Closed rurban closed 7 years ago
And he is indeed right. There's a lot of slack.
-Accflags=-DHASH_FILL_RATE=200
memtest.sh: fillrate 200% vs 90%.
7% less memory with p1, which is unicode regex. -e'use utf8; my $s="x≈x"; $s=~s/a≈e//i;'
timings are similar, 2-7% slower.
massif.2xfillrate.m0 256060 massif.2xfillrate.m1 380829 massif.2xfillrate.p0 717081 massif.2xfillrate.p1 2566637
massif.perl.m0 255977 massif.perl.m1 382614 massif.perl.p0 720200 massif.perl.p1 2756405
bench-mini (more is faster):
200% 90%
hash/copy 132 135
hash/each 107 105
hash/foreach-sort 88 83
hash/foreach 85 89
hash/get 117 115
hash/set 102 105
"smaller arrays with double collisions" ie hash is still uses chaining, but looks at two bucket slots?
yes. half HvARRAY size, and double the HE chain depth. less space, more time.
toddr prefers memory over speed.
for reference here is a work in progress playing with this and some benchmarks: https://rt.perl.org/Public/Bug/Display.html?id=130084
The main difficulty here is to find a solution universally better, in all/most contexts. It's pretty easy to come with samples that show a degradation either in speed or memory.
It's always a tradeoff. I think at the end whatever is the choice it probably should be a compiled option.
Note that this [perl #130084] patch will never make it into cperl.
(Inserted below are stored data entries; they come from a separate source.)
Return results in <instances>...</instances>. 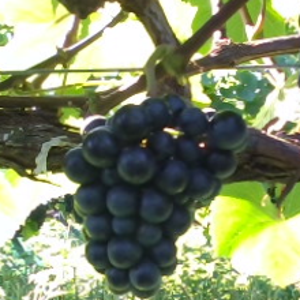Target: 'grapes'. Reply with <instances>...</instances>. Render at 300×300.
Here are the masks:
<instances>
[{
    "mask_svg": "<svg viewBox=\"0 0 300 300\" xmlns=\"http://www.w3.org/2000/svg\"><path fill=\"white\" fill-rule=\"evenodd\" d=\"M247 131L239 113L187 108L174 94L83 121L84 140L62 166L81 182L74 207L91 238L86 258L113 292L148 297L158 290L176 265L173 242L235 173Z\"/></svg>",
    "mask_w": 300,
    "mask_h": 300,
    "instance_id": "01657485",
    "label": "grapes"
}]
</instances>

cperl instead offers the easy -Accflags=-DHASH_FILL_RATE=200
configuration if someone wants to trash his hash linked lists with this.
cperl uses an optimized version of the split calculation with __builtin_ctz, so it can afford the uneven customized fill rate. your patch doesn't use that. so it's much slower than cperl.
for less memory wait until one of these cperl hash refactors land:
feature/gh102-smallhash feature/gh117-hashiter feature/gh24-base-hash feature/gh24-oldnew-hash-table featurex/gh24-hash-loop featurex/gh24-hash-loop+utf8 featurex/gh24-hash-utf8 featurex/gh24-open-hash feature/gh24-he-array featurex/gh24-array_he featurex/gh24-one-word-ahe
smallhash, open-hash and one-word-ahe all use dramatically less memory, and I haven't even added yet the new python/ruby/php hashes with the indirect small index, with factor 2 for bigger hashes.
toddr thinks that to use smaller arrays with double collisions will save memory and will be not much slower.